Data extracted from a collection

********************

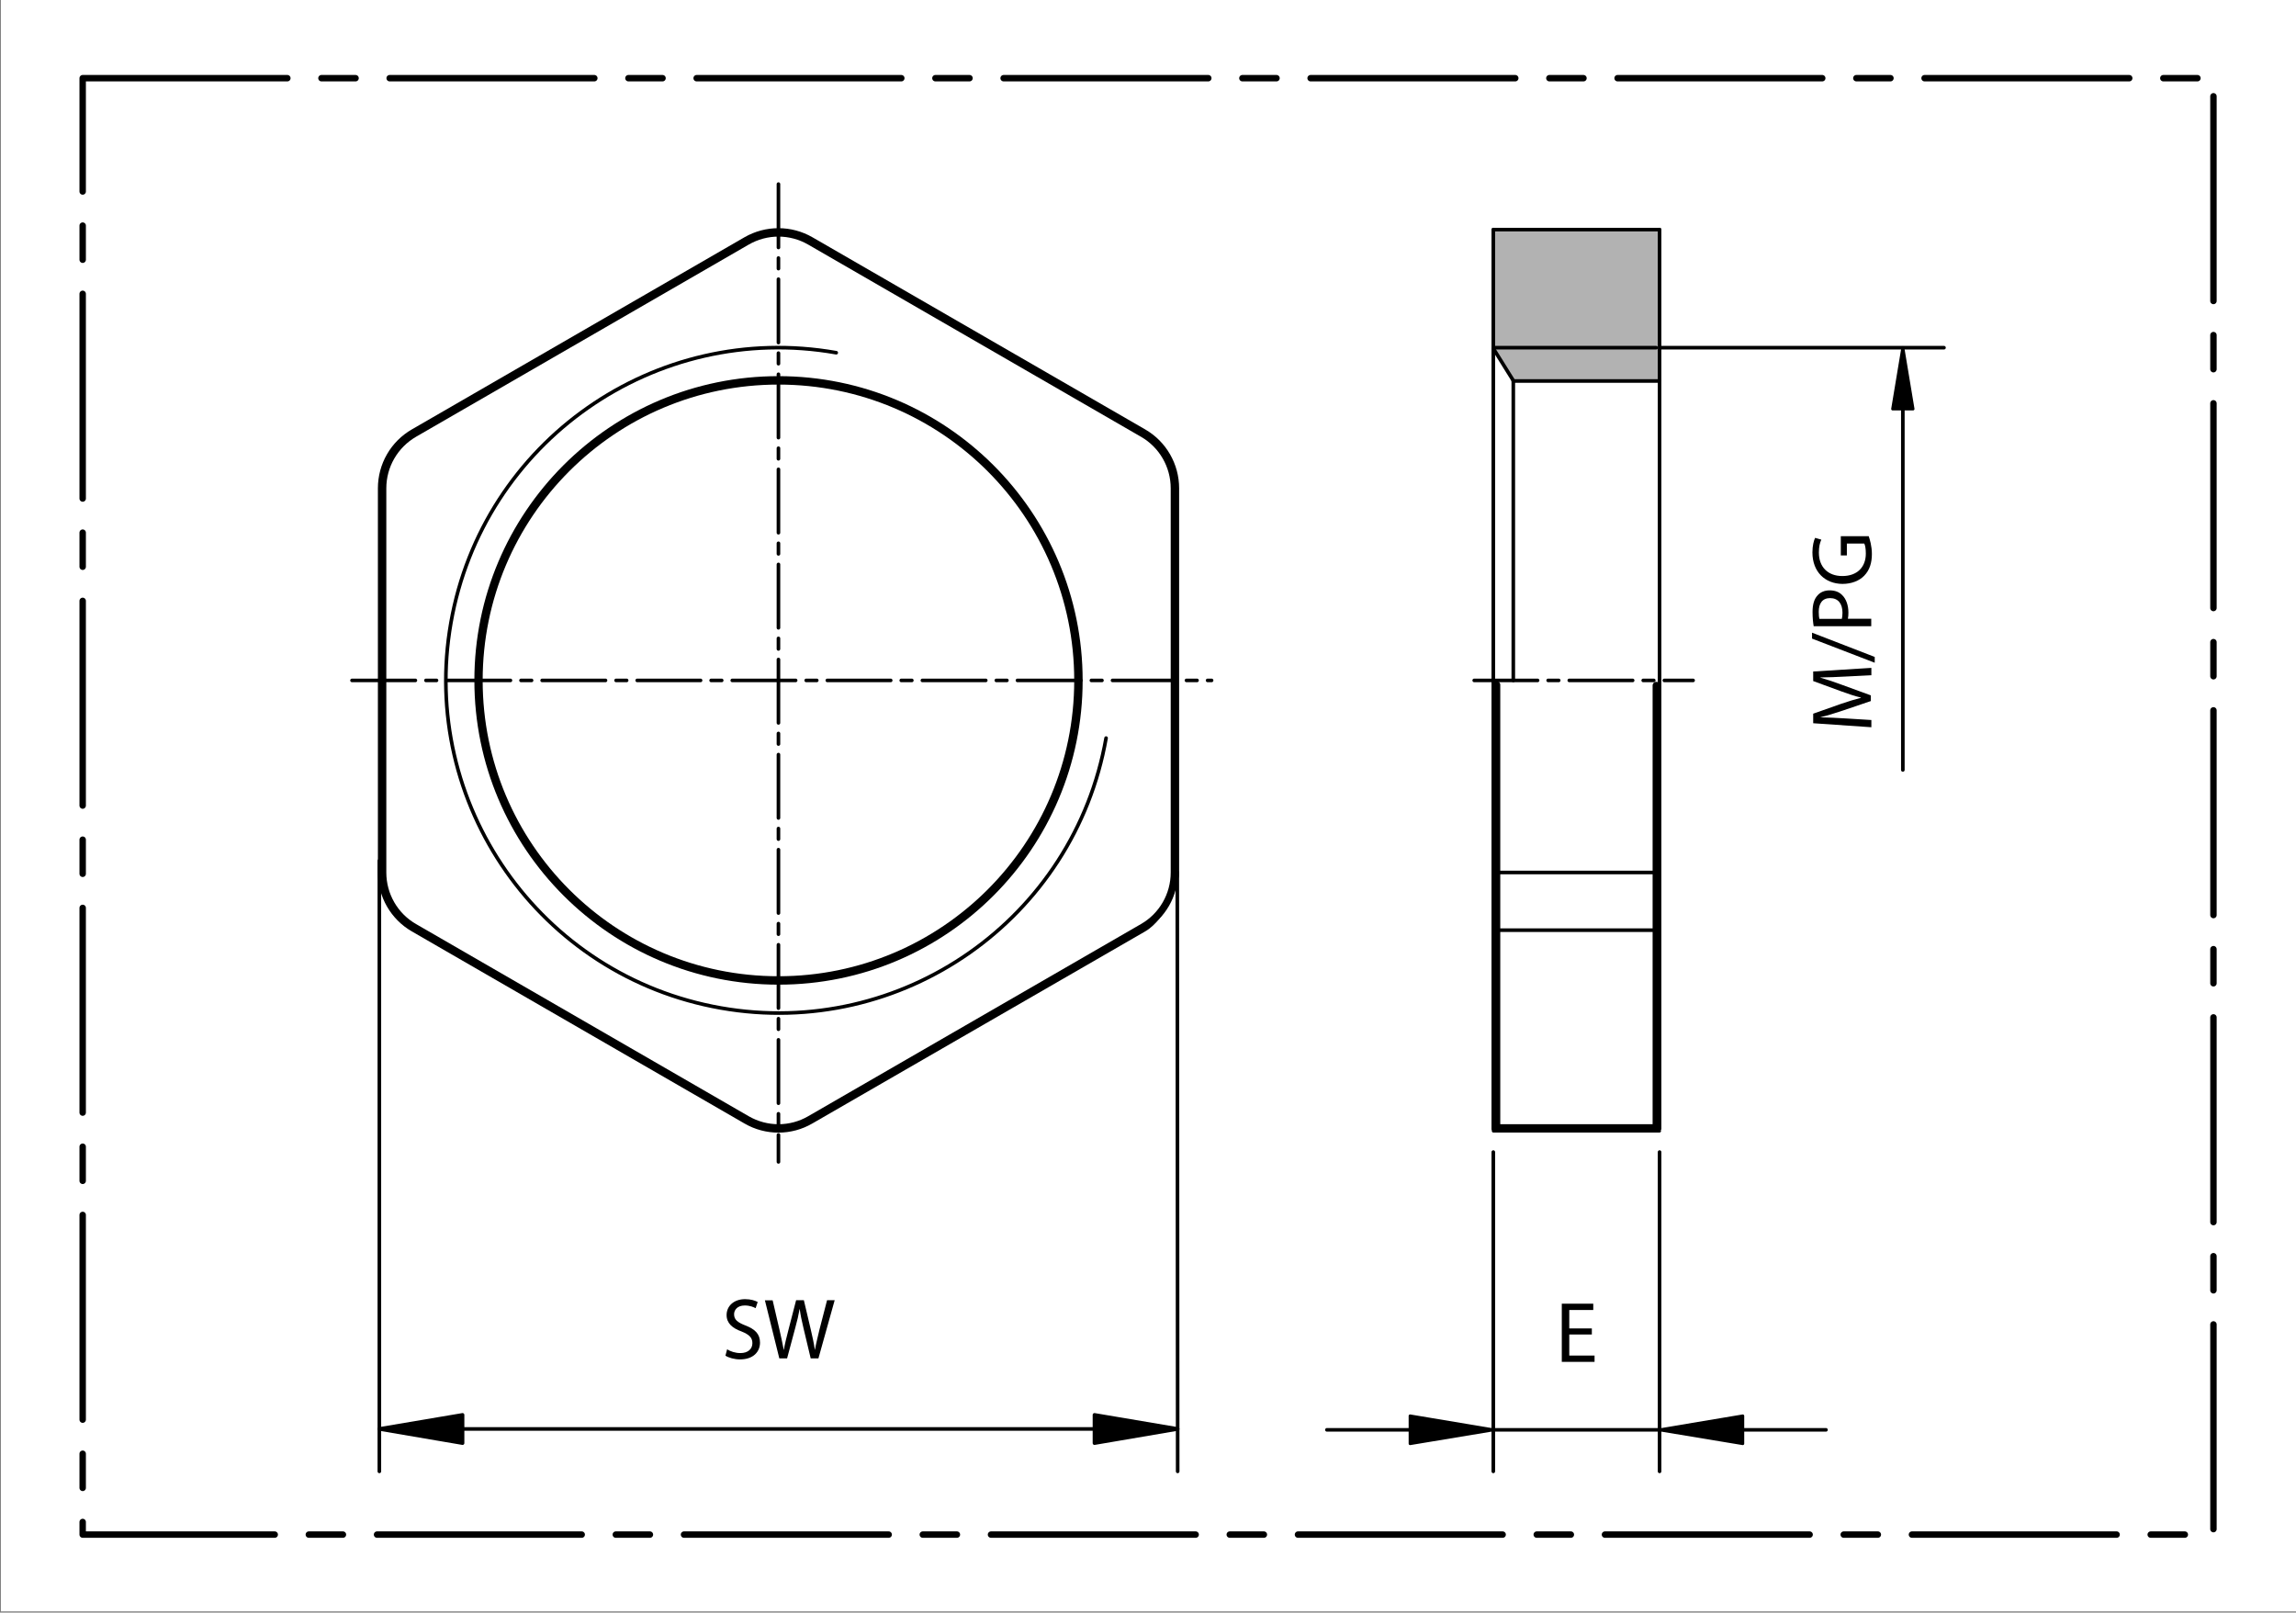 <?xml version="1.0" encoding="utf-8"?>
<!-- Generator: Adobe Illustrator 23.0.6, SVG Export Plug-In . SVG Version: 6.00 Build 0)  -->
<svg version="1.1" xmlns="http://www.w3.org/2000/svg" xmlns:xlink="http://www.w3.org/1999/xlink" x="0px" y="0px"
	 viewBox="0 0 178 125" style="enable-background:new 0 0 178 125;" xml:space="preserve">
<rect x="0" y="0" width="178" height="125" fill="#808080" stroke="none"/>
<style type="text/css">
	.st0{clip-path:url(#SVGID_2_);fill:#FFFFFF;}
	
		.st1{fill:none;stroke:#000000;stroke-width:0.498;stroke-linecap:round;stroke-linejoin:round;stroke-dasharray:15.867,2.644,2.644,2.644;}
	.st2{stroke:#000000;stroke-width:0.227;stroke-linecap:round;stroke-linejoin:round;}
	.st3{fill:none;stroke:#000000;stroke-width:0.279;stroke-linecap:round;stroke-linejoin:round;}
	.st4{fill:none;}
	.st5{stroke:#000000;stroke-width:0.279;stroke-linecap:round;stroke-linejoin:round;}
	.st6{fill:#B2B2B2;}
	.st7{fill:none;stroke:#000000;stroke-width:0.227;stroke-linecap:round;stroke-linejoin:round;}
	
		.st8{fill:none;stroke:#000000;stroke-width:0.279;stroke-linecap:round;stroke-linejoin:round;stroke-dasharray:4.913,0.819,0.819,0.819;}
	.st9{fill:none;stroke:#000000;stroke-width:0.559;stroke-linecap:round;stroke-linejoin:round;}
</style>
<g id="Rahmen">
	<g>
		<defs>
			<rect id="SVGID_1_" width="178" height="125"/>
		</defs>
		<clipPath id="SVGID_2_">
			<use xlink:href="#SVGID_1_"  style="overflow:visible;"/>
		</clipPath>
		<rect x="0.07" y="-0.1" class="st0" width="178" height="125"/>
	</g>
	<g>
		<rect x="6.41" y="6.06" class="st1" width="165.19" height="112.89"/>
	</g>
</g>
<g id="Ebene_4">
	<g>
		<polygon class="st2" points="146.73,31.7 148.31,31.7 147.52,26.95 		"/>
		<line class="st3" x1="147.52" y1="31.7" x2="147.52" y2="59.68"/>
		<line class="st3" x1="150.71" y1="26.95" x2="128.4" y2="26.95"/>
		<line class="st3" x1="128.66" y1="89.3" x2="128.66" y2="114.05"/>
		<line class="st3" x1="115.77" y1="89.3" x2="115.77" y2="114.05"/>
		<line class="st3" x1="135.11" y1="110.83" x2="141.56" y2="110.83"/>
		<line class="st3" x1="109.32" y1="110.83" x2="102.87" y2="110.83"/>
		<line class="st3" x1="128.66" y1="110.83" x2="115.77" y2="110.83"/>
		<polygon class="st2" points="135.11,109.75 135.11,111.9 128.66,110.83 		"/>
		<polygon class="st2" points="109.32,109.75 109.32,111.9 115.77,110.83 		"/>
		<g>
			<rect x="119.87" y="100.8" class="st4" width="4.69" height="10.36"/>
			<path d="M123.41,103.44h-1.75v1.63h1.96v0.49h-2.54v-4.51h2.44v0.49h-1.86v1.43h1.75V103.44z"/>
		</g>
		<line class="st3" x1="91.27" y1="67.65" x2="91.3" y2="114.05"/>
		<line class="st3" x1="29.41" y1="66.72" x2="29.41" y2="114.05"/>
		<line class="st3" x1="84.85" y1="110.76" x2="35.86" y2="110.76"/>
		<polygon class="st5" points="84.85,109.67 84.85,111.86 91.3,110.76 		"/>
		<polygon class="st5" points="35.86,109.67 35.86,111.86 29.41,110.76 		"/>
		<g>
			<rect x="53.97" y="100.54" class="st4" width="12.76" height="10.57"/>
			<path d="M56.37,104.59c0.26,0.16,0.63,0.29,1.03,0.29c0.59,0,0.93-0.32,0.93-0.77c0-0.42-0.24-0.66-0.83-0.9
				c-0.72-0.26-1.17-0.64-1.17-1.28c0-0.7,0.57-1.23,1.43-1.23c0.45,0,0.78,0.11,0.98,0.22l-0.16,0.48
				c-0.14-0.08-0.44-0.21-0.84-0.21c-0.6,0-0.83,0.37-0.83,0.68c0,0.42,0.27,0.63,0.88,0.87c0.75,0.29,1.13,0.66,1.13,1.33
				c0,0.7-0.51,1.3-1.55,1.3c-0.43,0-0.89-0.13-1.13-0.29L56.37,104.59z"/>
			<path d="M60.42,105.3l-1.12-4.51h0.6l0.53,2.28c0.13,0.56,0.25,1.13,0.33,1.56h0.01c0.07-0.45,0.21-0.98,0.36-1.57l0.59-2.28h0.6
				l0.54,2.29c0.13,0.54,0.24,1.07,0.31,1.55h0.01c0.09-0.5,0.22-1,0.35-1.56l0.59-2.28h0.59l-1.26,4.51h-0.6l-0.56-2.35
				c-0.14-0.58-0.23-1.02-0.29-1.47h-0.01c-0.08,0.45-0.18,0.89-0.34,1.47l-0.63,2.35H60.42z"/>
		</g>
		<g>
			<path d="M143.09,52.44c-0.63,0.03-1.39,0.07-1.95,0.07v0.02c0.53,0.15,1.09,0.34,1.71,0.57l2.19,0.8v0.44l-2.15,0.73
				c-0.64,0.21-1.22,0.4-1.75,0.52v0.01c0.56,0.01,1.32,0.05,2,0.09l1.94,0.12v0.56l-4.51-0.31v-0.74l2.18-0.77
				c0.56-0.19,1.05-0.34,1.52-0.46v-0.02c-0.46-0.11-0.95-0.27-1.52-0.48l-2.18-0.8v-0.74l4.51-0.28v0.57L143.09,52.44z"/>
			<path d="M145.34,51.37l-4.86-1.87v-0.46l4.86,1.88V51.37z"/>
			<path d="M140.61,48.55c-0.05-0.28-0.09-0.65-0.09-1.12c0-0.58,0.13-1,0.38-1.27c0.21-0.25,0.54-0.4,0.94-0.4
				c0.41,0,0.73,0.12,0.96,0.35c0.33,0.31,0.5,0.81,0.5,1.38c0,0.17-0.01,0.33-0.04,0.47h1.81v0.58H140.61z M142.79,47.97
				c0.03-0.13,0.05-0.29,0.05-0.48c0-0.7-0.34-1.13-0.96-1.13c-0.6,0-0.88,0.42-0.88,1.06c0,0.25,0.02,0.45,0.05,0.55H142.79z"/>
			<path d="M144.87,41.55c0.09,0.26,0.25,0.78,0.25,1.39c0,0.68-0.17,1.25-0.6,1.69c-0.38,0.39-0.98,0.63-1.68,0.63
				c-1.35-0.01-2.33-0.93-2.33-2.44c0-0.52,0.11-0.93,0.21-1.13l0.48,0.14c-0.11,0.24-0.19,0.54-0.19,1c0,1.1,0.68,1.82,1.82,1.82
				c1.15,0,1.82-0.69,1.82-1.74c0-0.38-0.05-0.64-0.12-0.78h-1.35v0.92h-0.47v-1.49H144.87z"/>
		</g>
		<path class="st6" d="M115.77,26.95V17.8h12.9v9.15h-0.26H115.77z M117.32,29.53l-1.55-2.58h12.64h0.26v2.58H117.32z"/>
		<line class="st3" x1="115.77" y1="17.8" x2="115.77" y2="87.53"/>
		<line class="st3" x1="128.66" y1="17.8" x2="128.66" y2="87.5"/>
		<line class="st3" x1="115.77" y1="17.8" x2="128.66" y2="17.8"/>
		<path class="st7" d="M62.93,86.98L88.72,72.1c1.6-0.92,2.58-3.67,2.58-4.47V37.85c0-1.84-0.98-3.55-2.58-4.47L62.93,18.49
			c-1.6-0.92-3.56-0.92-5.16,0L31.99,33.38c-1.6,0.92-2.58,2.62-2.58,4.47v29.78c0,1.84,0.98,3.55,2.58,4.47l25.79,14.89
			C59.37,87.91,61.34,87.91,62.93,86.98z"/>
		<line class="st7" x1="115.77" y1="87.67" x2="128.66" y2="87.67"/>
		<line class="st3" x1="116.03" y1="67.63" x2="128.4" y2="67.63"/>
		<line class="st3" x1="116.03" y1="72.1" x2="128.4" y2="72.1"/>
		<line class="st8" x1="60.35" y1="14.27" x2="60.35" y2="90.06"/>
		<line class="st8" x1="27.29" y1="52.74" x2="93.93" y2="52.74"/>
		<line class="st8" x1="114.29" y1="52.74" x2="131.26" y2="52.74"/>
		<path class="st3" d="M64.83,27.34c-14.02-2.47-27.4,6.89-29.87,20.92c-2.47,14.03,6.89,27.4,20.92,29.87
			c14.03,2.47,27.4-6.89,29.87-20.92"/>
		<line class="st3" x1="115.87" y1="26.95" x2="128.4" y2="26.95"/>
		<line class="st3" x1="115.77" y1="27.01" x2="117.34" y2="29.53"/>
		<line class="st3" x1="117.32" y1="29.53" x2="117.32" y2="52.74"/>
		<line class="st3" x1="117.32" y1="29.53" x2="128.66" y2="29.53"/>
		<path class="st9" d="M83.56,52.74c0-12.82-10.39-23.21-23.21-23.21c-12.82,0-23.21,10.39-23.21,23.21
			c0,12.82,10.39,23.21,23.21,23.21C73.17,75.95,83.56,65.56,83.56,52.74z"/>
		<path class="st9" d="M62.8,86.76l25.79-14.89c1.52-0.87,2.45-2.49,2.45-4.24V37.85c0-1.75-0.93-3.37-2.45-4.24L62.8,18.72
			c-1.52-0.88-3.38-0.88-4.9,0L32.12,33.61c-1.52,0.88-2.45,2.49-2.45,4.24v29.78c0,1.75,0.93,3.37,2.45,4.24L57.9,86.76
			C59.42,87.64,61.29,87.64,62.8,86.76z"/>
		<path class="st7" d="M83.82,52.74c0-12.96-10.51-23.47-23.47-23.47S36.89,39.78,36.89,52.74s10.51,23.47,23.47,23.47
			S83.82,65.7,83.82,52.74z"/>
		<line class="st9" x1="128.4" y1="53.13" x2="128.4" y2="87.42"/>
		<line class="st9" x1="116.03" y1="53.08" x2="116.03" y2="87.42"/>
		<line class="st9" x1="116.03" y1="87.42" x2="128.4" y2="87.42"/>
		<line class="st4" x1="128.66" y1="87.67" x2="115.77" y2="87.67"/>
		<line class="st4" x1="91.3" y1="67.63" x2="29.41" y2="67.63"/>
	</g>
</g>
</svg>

********************

## WHAT YOU WILL DO
Your task is to return each line of the data above that contains the string "style".

## RESULT FOR THIS EXERCISE
	 viewBox="0 0 178 125" style="enable-background:new 0 0 178 125;" xml:space="preserve">
<style type="text/css">
</style>
			<use xlink:href="#SVGID_1_"  style="overflow:visible;"/>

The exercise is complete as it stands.